By NHI Mgmt Group Editorial TeamPublished 2026-01-27Domain: Cyber SecuritySource: ColorTokens

TL;DR: Recent incidents across healthcare, finance, and connected infrastructure show attackers lingering for weeks, moving laterally, and turning trusted internal paths into outage and data-loss events, with one browser operation infecting more than 8.8 million users, according to ColorTokens. The core lesson is that containment, not just detection, determines whether a breach becomes a service shutdown.


At a glance

What this is: This threat advisory argues that lateral movement, not initial access, is the point where healthcare and connected infrastructure incidents become operational crises.

Why it matters: For IAM, PAM, NHI, and security teams, the message is that standing trust and broad internal reach let compromised credentials or footholds turn into downtime, data exposure, and recovery delays.

👉 Read ColorTokens' threat advisory on when hospitals went dark and browsers turned rogue


Context

Lateral movement is the stage where an attacker uses whatever access they already have to travel through connected systems, and that is where many breaches become business-critical. In healthcare and other high-availability environments, the security problem is not only entry, but how long an attacker can stay trusted once inside.

This matters to identity programmes because movement across internal systems is usually governed by credentials, service accounts, and implicit trust between applications. Where those identities are over-permissioned or insufficiently segmented, a single compromise can expand into operational disruption, which is why containment belongs alongside authentication and monitoring in the control model.


Key questions

Q: What fails when attackers can move laterally inside healthcare networks?

A: What fails first is the assumption that internal access is trustworthy. Once an attacker can reuse valid paths between systems, detection alone is too late to prevent service disruption, backup compromise, or data exposure. The control gap is usually broad internal reach, which is why containment and privilege scope matter as much as perimeter defence. See also the 52 NHI Breaches Report for related compromise patterns.

Q: Why do service accounts and shared credentials increase breach impact?

A: Service accounts and shared credentials often have broader reach than individual users, so a single compromise can unlock many systems before anyone notices. That increases attacker mobility and makes incident response slower. Organisations should minimise shared access, scope each identity tightly, and review whether non-human identities can move between unrelated environments. The Salesloft OAuth token breach is a useful example of token abuse expanding blast radius.

Q: How can security teams know if containment controls are actually working?

A: They should test whether an initial foothold can reach critical systems, not just whether alerts fire. Useful signals include blocked east-west traffic, failed attempts to use unrelated service accounts, and reduced reachable surface during an exercise. If an attacker can still pivot across segments after discovery, containment is not effective enough. The 52 NHI Breaches Analysis is a useful benchmark for repeated failure patterns.

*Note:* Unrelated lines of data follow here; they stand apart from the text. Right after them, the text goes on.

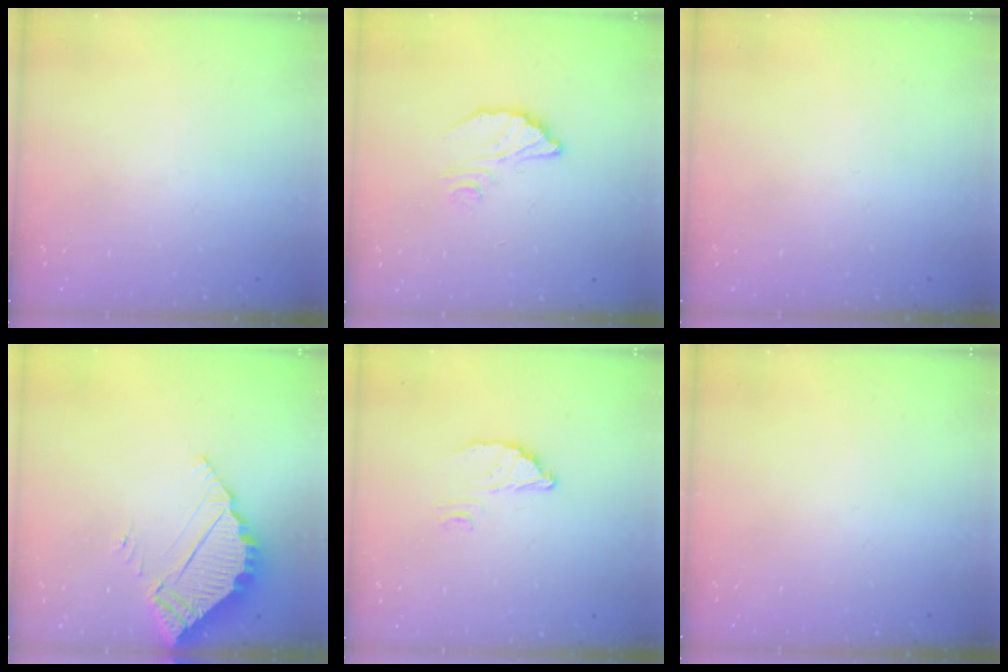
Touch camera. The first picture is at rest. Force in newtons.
{"total": 4.8, "press": 4.8, "slide": 0.2}
{"total": 0.0}
{"total": 4.7, "press": 4.7, "slide": 0.3}
{"total": 3.2, "press": 3.2, "slide": 0.2}
{"total": 0.0}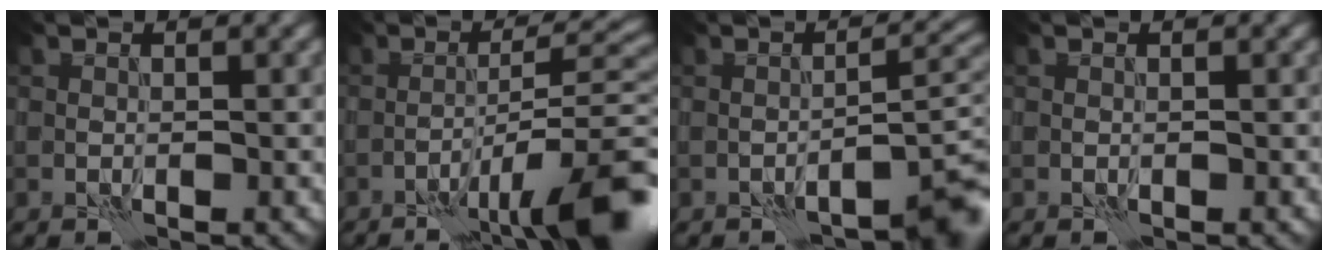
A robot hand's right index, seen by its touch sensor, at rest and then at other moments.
{"total": 10.4, "force": [-5.6, 1.7, 8.6], "torque": [-0.124, 0.013, -0.088]}
{"total": 4.7, "force": [-2.6, 1.0, 3.8], "torque": [-0.043, 0.013, -0.038]}
{"total": 0.0}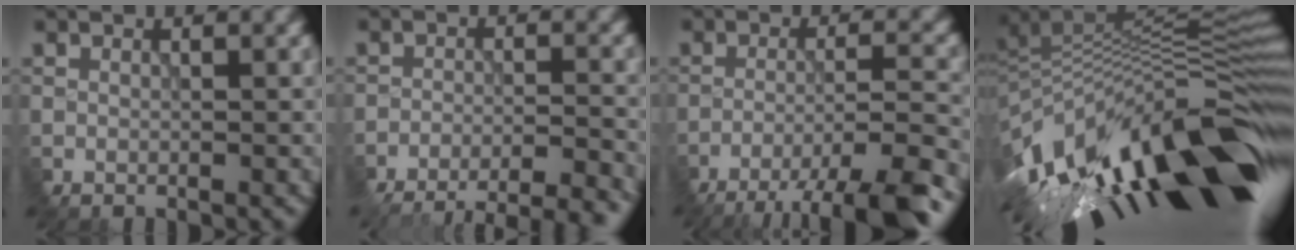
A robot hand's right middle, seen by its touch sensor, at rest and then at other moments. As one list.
[{"total": 11.1, "force": [-10.5, 2.0, 3.0], "torque": [-0.049, -0.001, -0.106]}, {"total": 8.1, "force": [-6.6, 0.4, 4.7], "torque": [-0.077, 0.009, -0.086]}, {"total": 14.7, "force": [-5.7, 5.1, 12.6], "torque": [-0.225, 0.007, -0.079]}]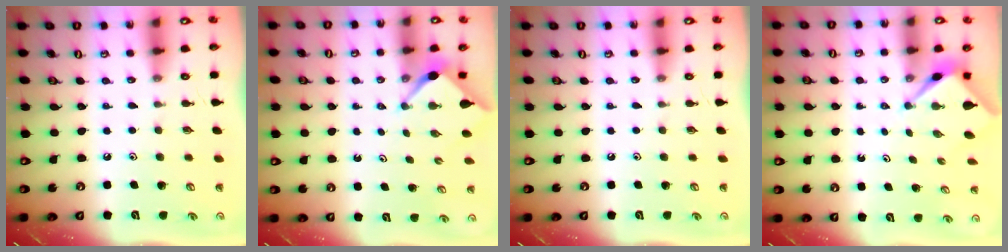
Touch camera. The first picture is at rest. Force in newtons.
{"total": 2.6, "press": 2.5, "slide": 0.3}
{"total": 0.0}
{"total": 2.8, "press": 2.8, "slide": 0.1}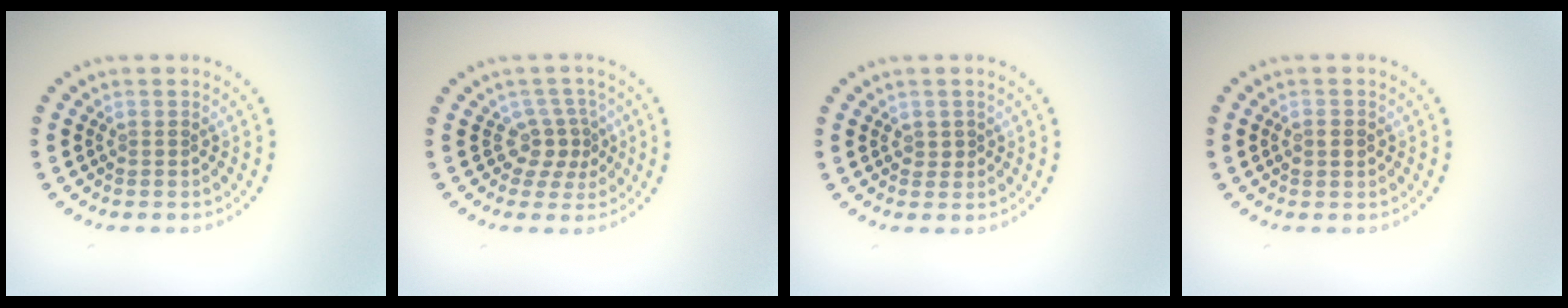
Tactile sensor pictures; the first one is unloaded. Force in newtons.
{"total": 2.5, "press": 1.8, "slide": 1.8}
{"total": 0.5, "press": 0.4, "slide": 0.3}
{"total": 1.7, "press": 1.6, "slide": 0.3}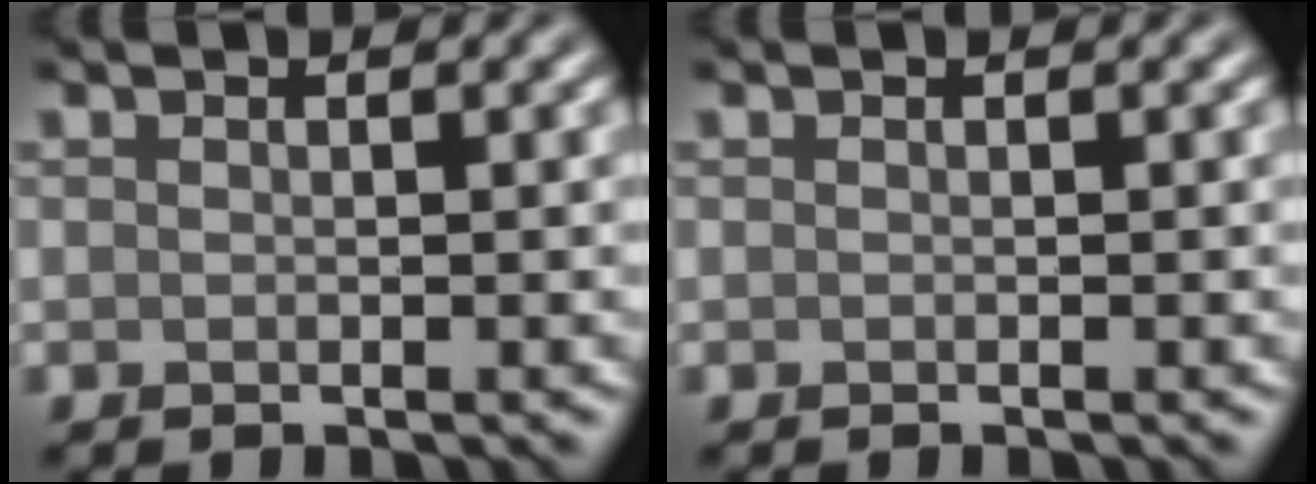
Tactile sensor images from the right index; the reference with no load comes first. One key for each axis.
{"total": 0.0}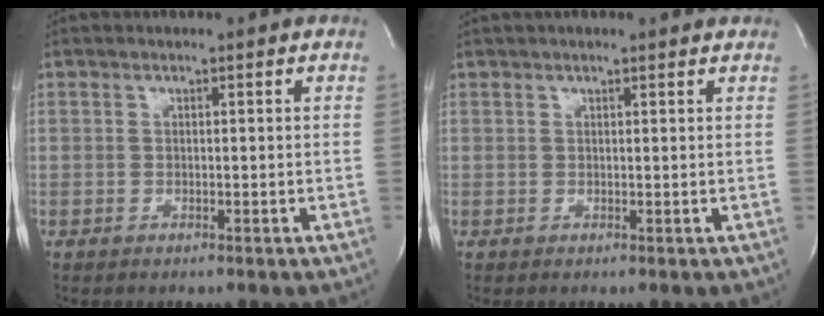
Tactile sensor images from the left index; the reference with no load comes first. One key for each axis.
{"total": 4.4, "fx": 3.9, "fy": 0.7, "fz": 1.8, "tx": -0.026, "ty": 0.030, "tz": 0.046}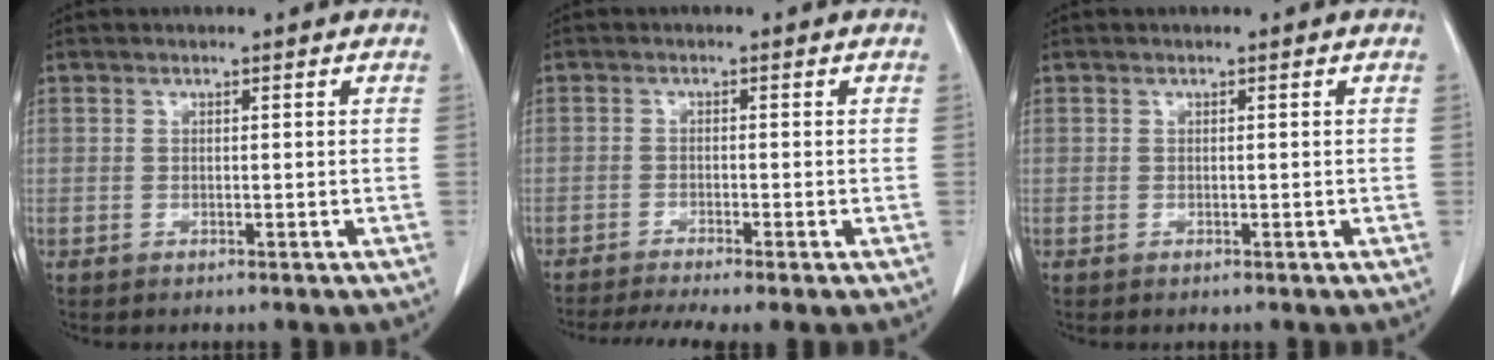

Q: Who is accountable when lateral movement leads to downtime and data loss?

A: Accountability usually sits across security, infrastructure, IAM, and operations because lateral movement exploits trust paths owned by all of them. Security teams own detection and containment, IAM owns privilege scope and credential lifecycle, and operations owns segmentation and recovery design. Frameworks such as NIST CSF and NIST SP 800-53 both support this shared responsibility model.


Technical breakdown

How lateral movement turns a foothold into operational outage

Lateral movement occurs when an attacker uses one compromised system, account, or trusted channel to reach another. In flat or weakly segmented environments, internal authentication and open network paths let the attacker pivot with little resistance. That is why dwell time matters: every additional day increases the chance of reaching clinical systems, file shares, backups, or third-party connections. In healthcare, the real damage often comes from the attacker’s ability to traverse trusted boundaries after initial compromise, not from the first infection itself.

Practical implication: isolate critical workloads and reduce trust paths so one compromised host cannot reach the rest of the environment.

Why misused identities extend attacker reach

Once attackers obtain valid credentials, they often look like legitimate traffic to internal systems. Service accounts, shared logins, and over-broad application permissions are especially useful because they can unlock multiple systems without triggering obvious failures. This is where IAM and PAM intersect with incident containment: if identities remain valid across many systems, the attacker can keep moving even after the original entry point is discovered. In healthcare environments, that creates a direct path from a single foothold to patient systems and operational disruption.

Practical implication: tighten privilege scope, remove shared access, and validate that non-human identities cannot traverse unrelated systems.

Microsegmentation as a containment control, not just a network design choice

Microsegmentation limits which workloads, users, and services can talk to one another, turning east-west movement into a controlled exception rather than an assumed default. It is especially relevant where legacy systems, medical devices, or third-party platforms must coexist with modern infrastructure. The key idea is not perfect isolation, but deliberate choke points that slow or stop attacker progress. In breach conditions, containment buys time, keeps recovery bounded, and prevents a compromise from becoming an enterprise-wide shutdown.

Practical implication: map critical paths and enforce default-deny rules between high-value segments.


Threat narrative

Attacker objective: The attacker’s objective is to expand a single compromise into broad operational disruption, data exposure, and a slower recovery cycle.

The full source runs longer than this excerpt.